I attach the configuration used to create S3 transfer as well as configuration of scheduled_query transfer that is created without any problems.
data "google_project" "project" {
}
resource "google_service_account" "bigquery_transfer_account" {
account_id = "bigquery-transfer-account"
display_name = "bigquery-transfer-account"
}
resource "google_project_iam_member" "permissions" {
project = data.google_project.project.project_id
role = "roles/iam.serviceAccountTokenCreator"
member = google_service_account.bigquery_transfer_account.member # "serviceAccount:service-${data.google_project.project.number}#gcp-sa-bigquerydatatransfer.iam.gserviceaccount.com"
}
resource "google_project_iam_member" "transfer-permissions" {
project = data.google_project.project.project_id
role = "roles/iam.serviceAccountShortTermTokenMinter"

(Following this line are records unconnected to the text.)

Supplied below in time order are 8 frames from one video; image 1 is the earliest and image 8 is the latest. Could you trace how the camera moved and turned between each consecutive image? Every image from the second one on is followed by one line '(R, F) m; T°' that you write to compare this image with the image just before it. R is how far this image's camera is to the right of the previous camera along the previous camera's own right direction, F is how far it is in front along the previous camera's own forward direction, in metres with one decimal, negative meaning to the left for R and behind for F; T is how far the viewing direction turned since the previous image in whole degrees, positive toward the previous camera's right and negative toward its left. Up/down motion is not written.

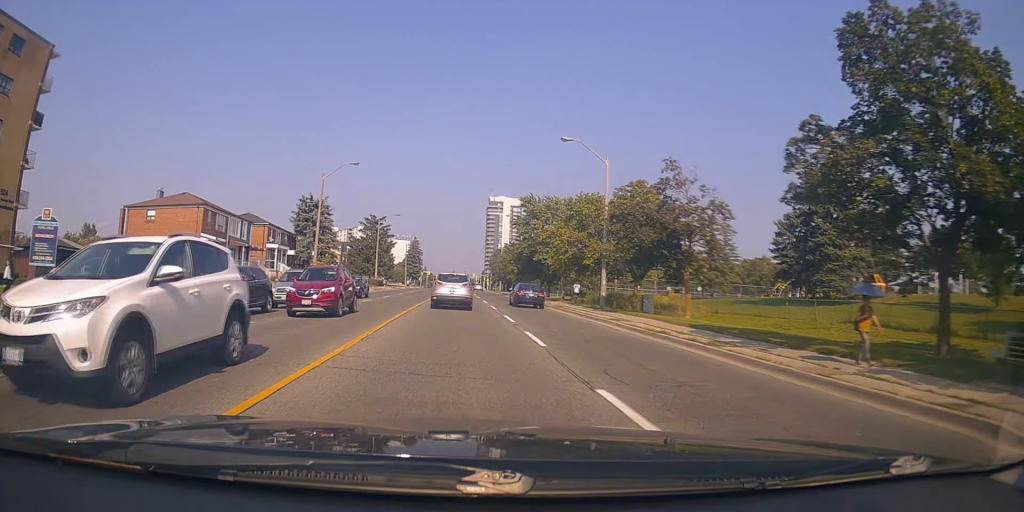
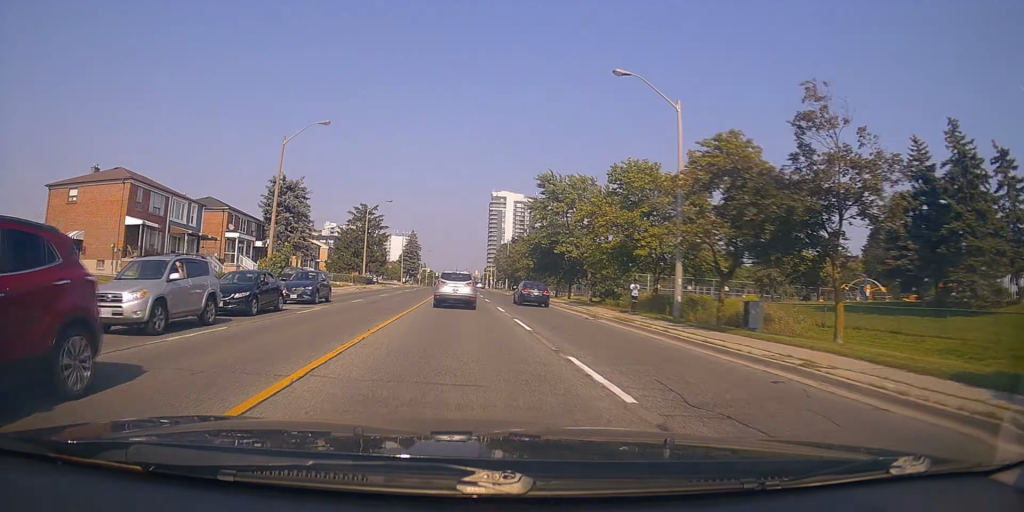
(0.0, +12.7) m; +1°
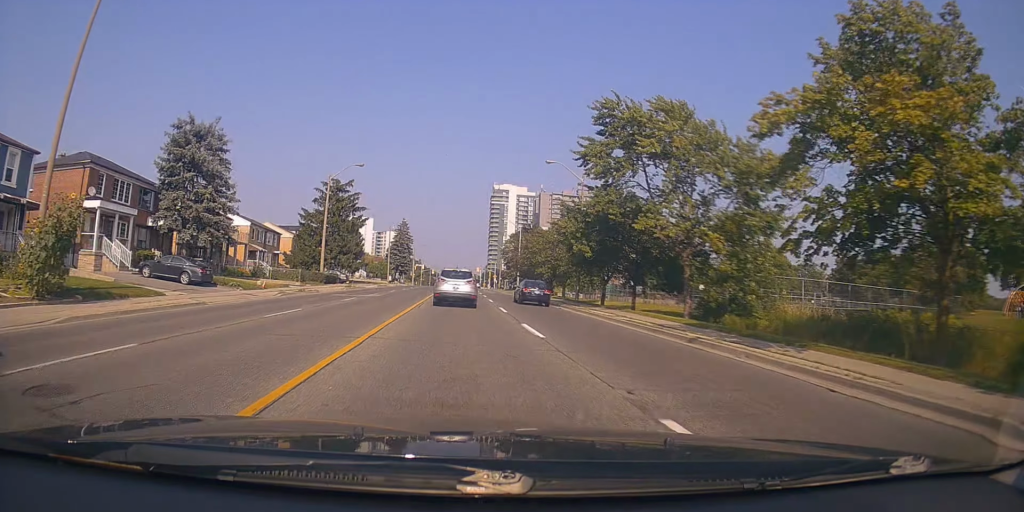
(+0.2, +23.3) m; 0°
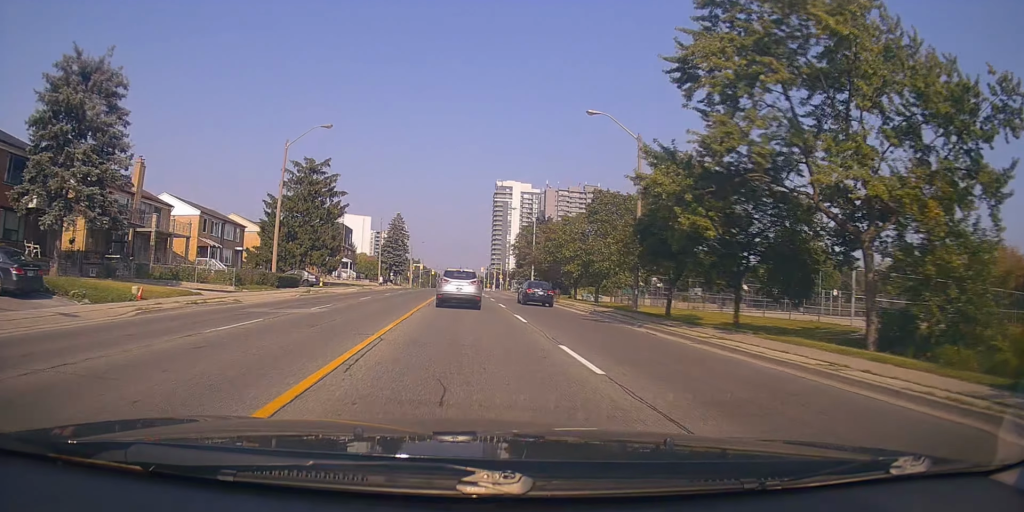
(-0.1, +14.6) m; -1°
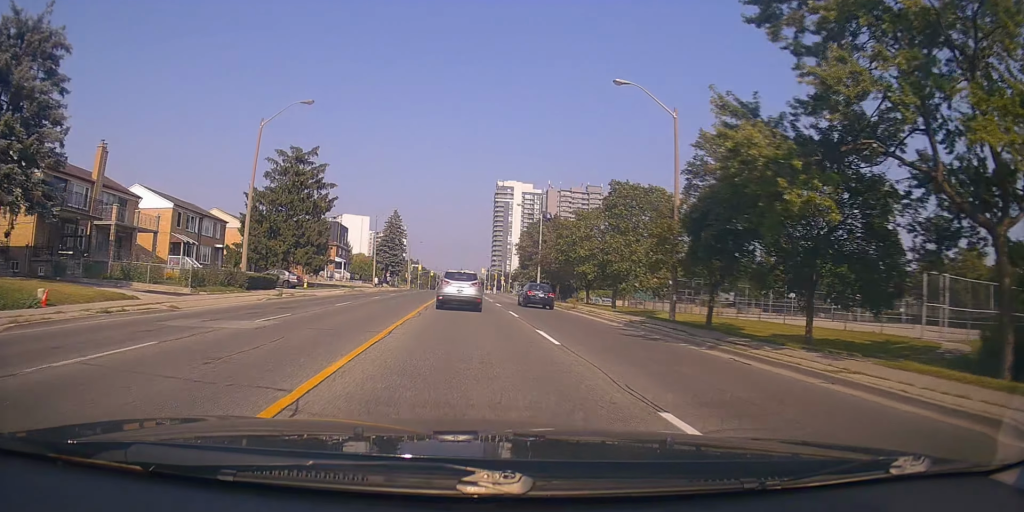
(+0.3, +5.7) m; -1°
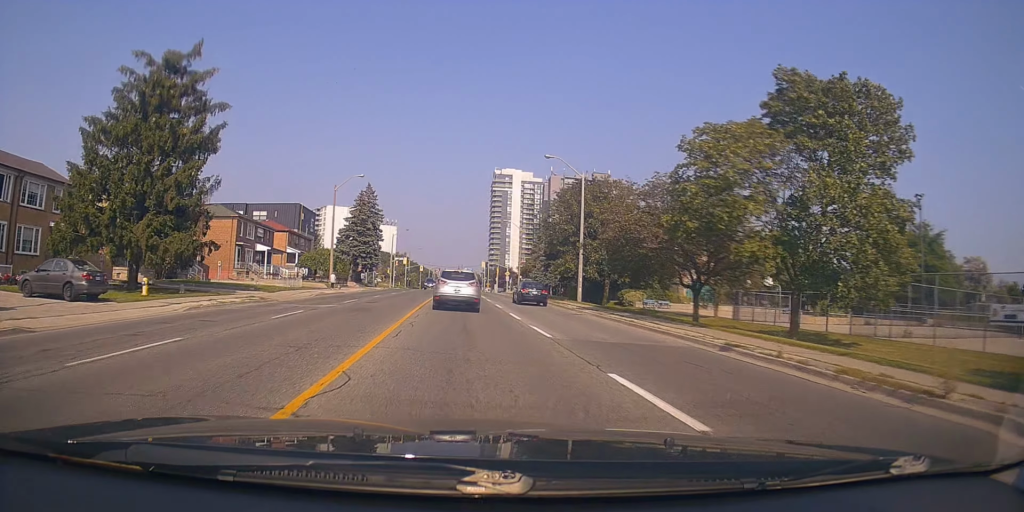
(-0.5, +26.3) m; 0°
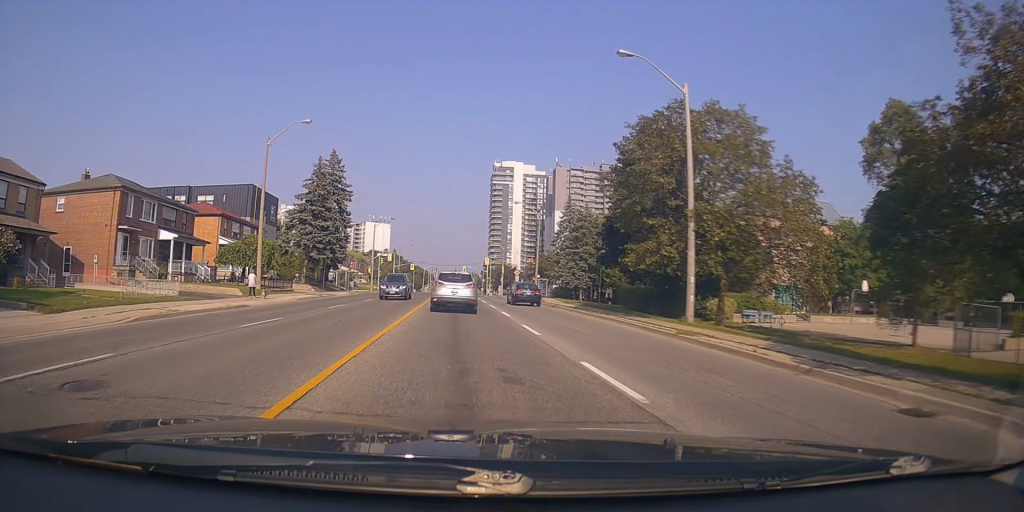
(0.0, +21.7) m; +1°
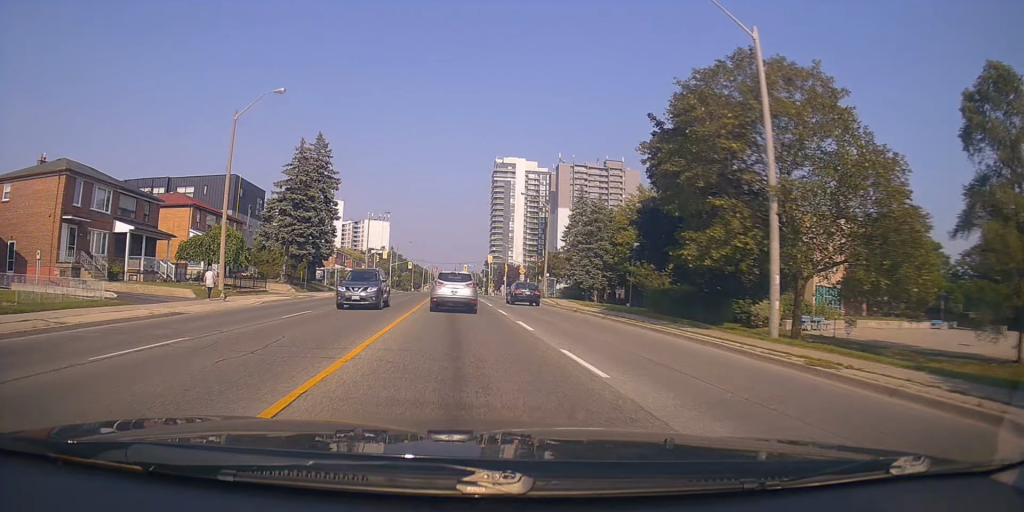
(+0.2, +6.4) m; 0°
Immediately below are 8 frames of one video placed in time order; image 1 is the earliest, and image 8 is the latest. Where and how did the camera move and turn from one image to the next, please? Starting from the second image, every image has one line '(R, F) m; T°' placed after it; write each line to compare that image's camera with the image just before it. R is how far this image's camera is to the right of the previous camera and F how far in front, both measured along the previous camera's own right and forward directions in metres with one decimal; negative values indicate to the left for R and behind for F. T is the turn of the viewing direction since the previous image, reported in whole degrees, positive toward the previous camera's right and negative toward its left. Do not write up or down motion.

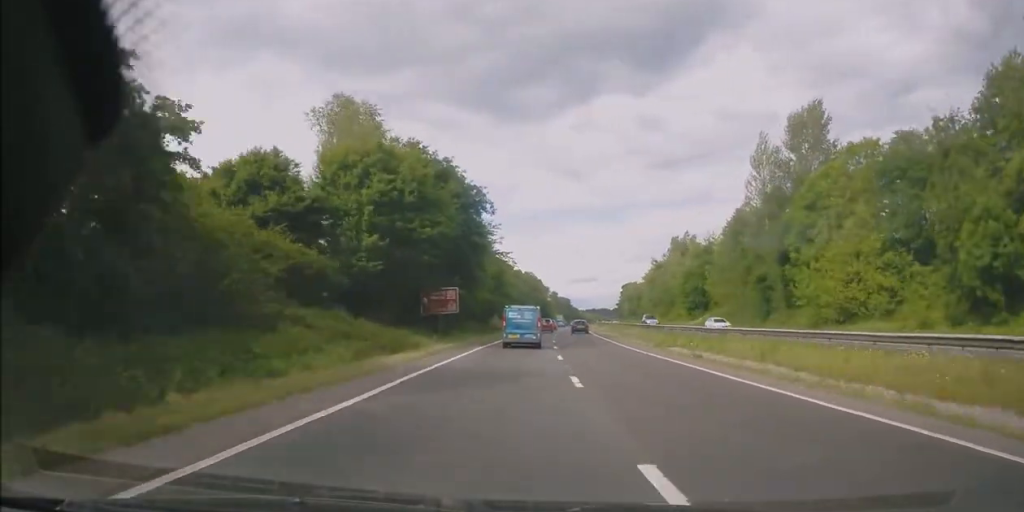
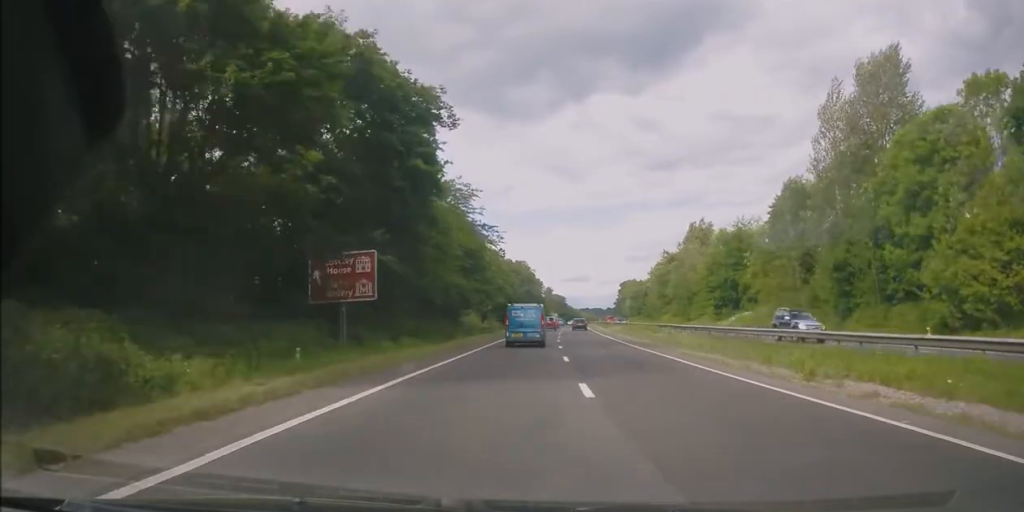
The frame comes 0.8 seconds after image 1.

member = "serviceAccount:service-${data.google_project.project.number}#gcp-sa-bigquerydatatransfer.iam.gserviceaccount.com"
}
resource "google_bigquery_data_transfer_config" "query_config_test" {
depends_on = [google_project_iam_member.permissions, google_project_iam_member.transfer-permissions]
display_name = "my-query"
data_source_id = "scheduled_query"
disabled = true
location = "EU"
destination_dataset_id = google_bigquery_dataset.transfer.dataset_id
params = {
destination_table_name_template = "my_table"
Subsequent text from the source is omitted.